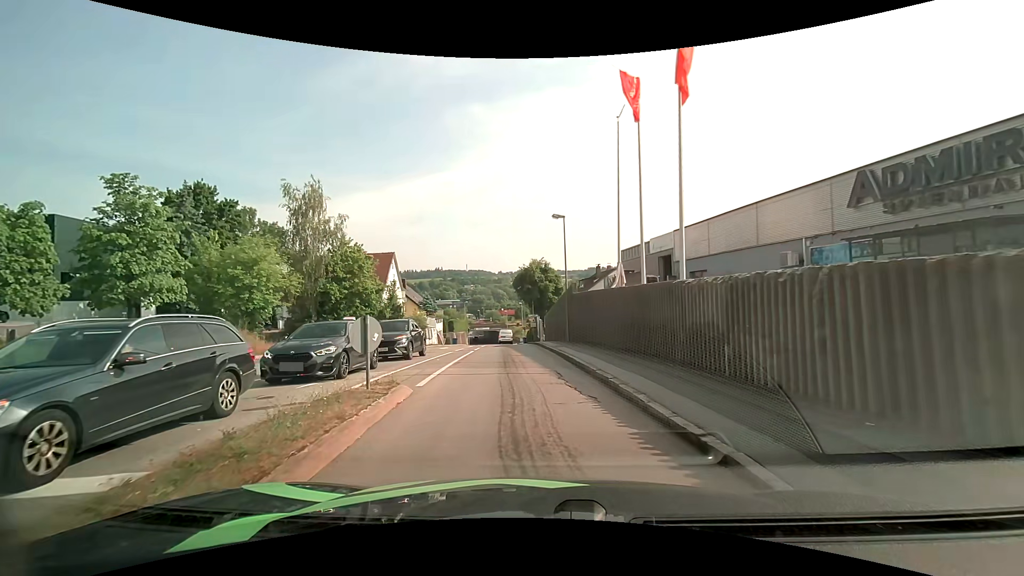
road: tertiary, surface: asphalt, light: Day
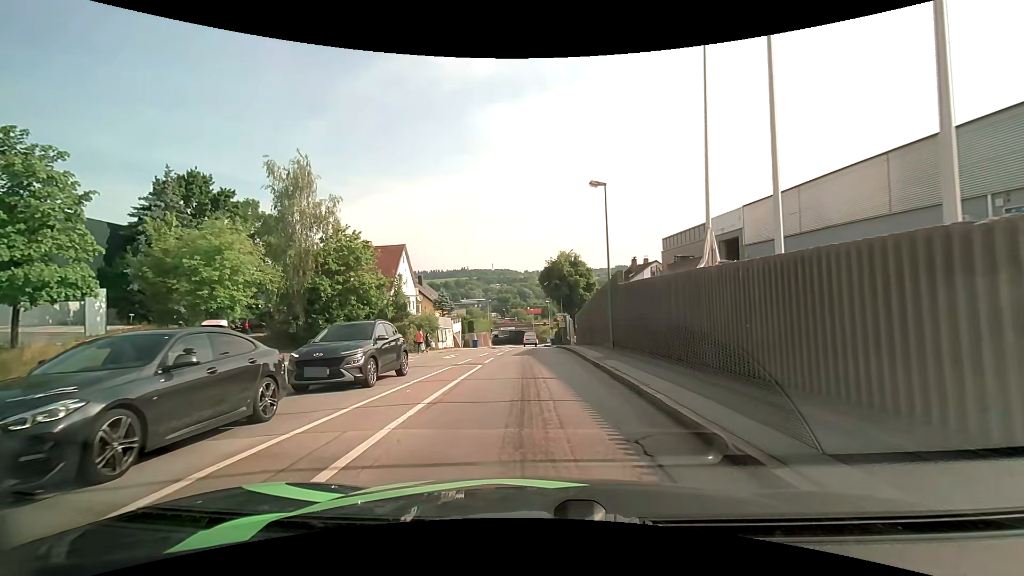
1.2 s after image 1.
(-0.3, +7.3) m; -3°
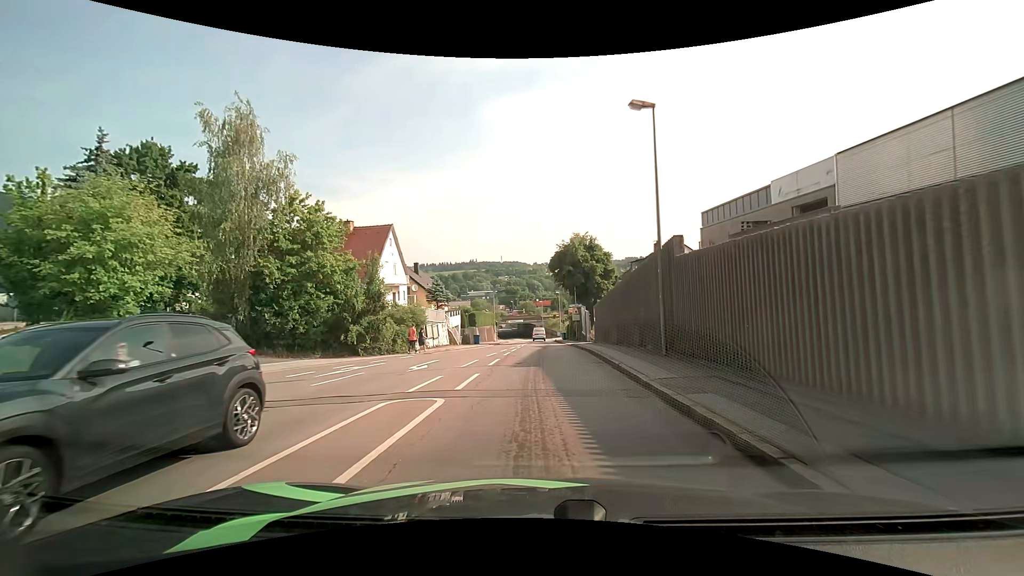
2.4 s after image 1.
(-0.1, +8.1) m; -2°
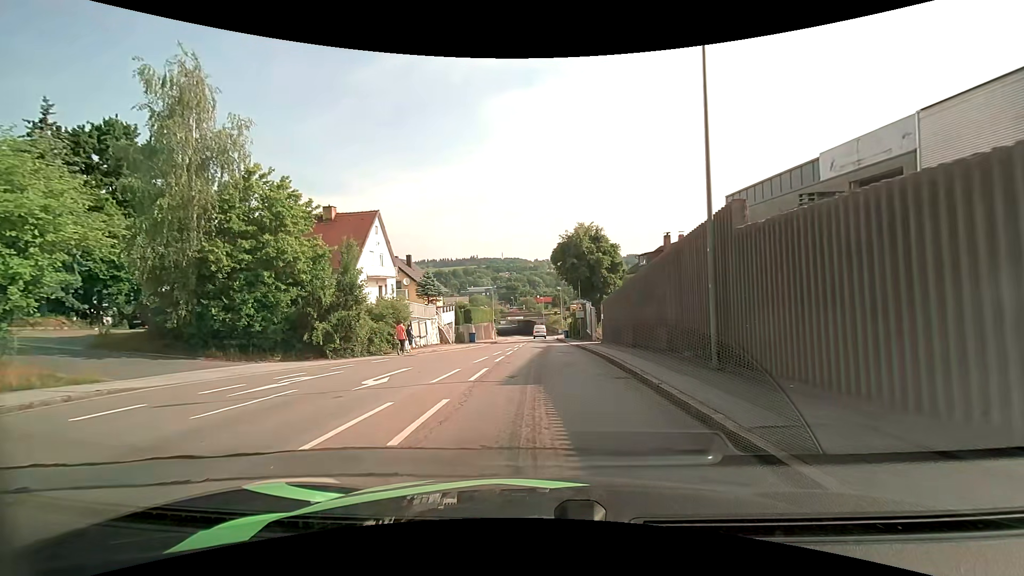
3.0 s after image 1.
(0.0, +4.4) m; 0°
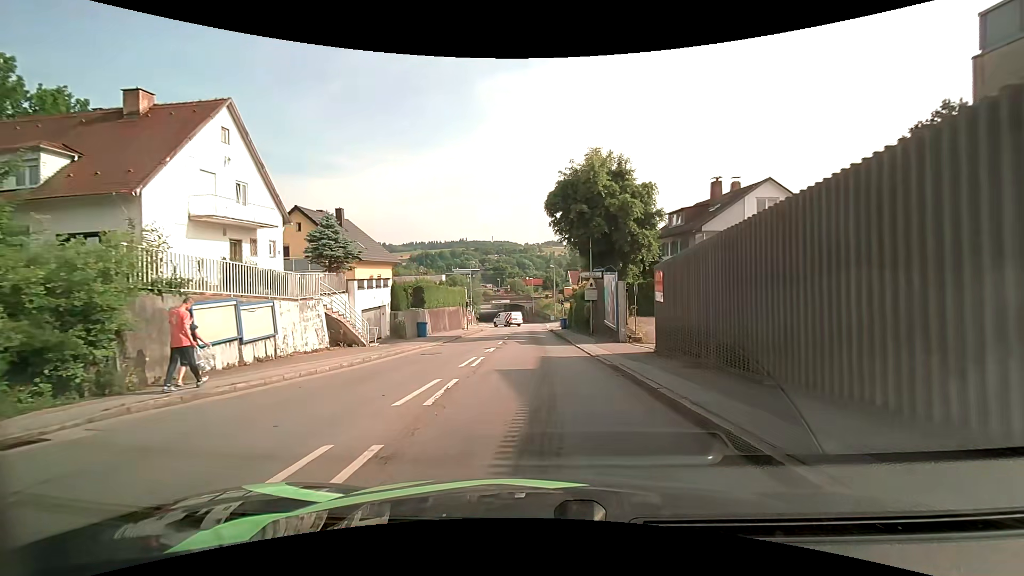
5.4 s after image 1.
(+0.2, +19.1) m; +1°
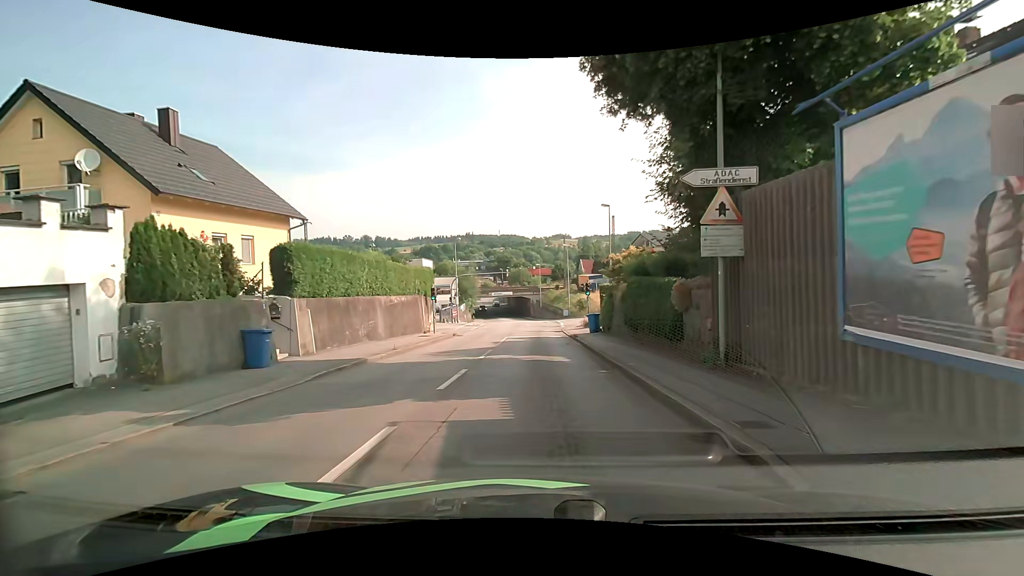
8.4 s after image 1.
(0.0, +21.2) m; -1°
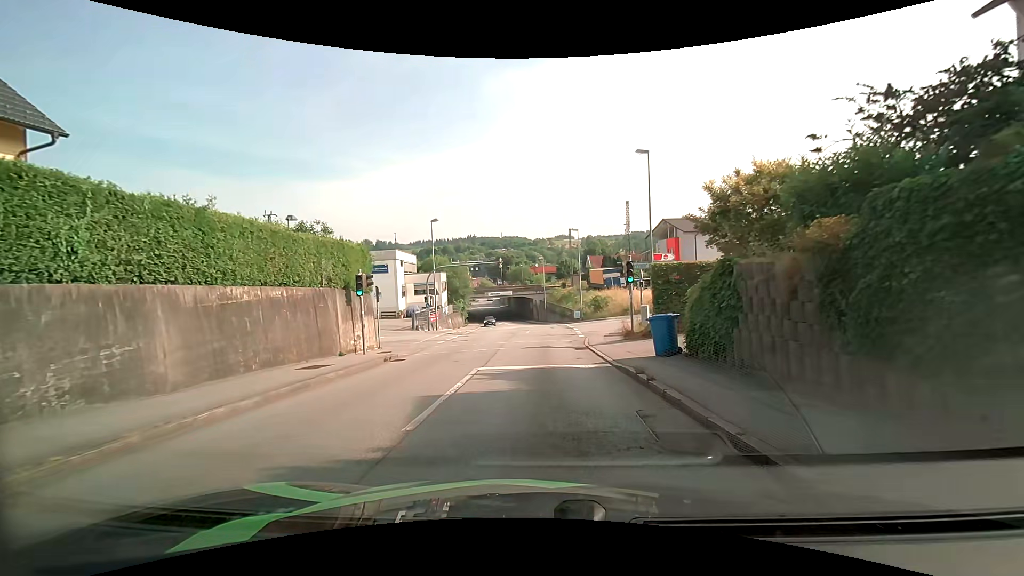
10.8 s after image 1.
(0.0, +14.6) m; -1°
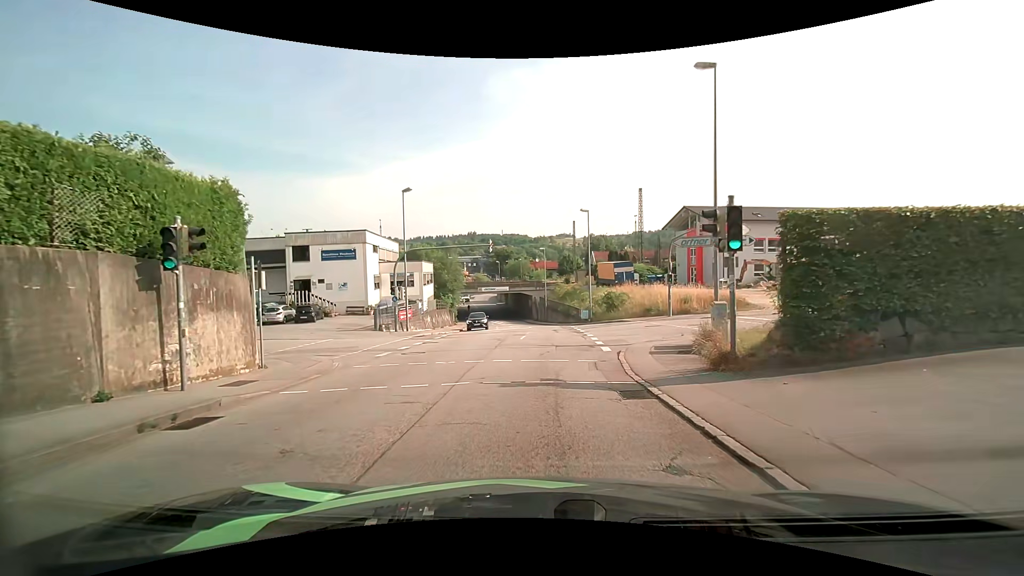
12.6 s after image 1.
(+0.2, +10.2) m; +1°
====
■ **ASSIGNED TASK**: What is the exact wording of the lines from the one bearing "8.4 s after image 1." through the final line of the records above? Write it out without the pictures.

■ **RESULT**:
8.4 s after image 1.
(0.0, +21.2) m; -1°
10.8 s after image 1.
(0.0, +14.6) m; -1°
12.6 s after image 1.
(+0.2, +10.2) m; +1°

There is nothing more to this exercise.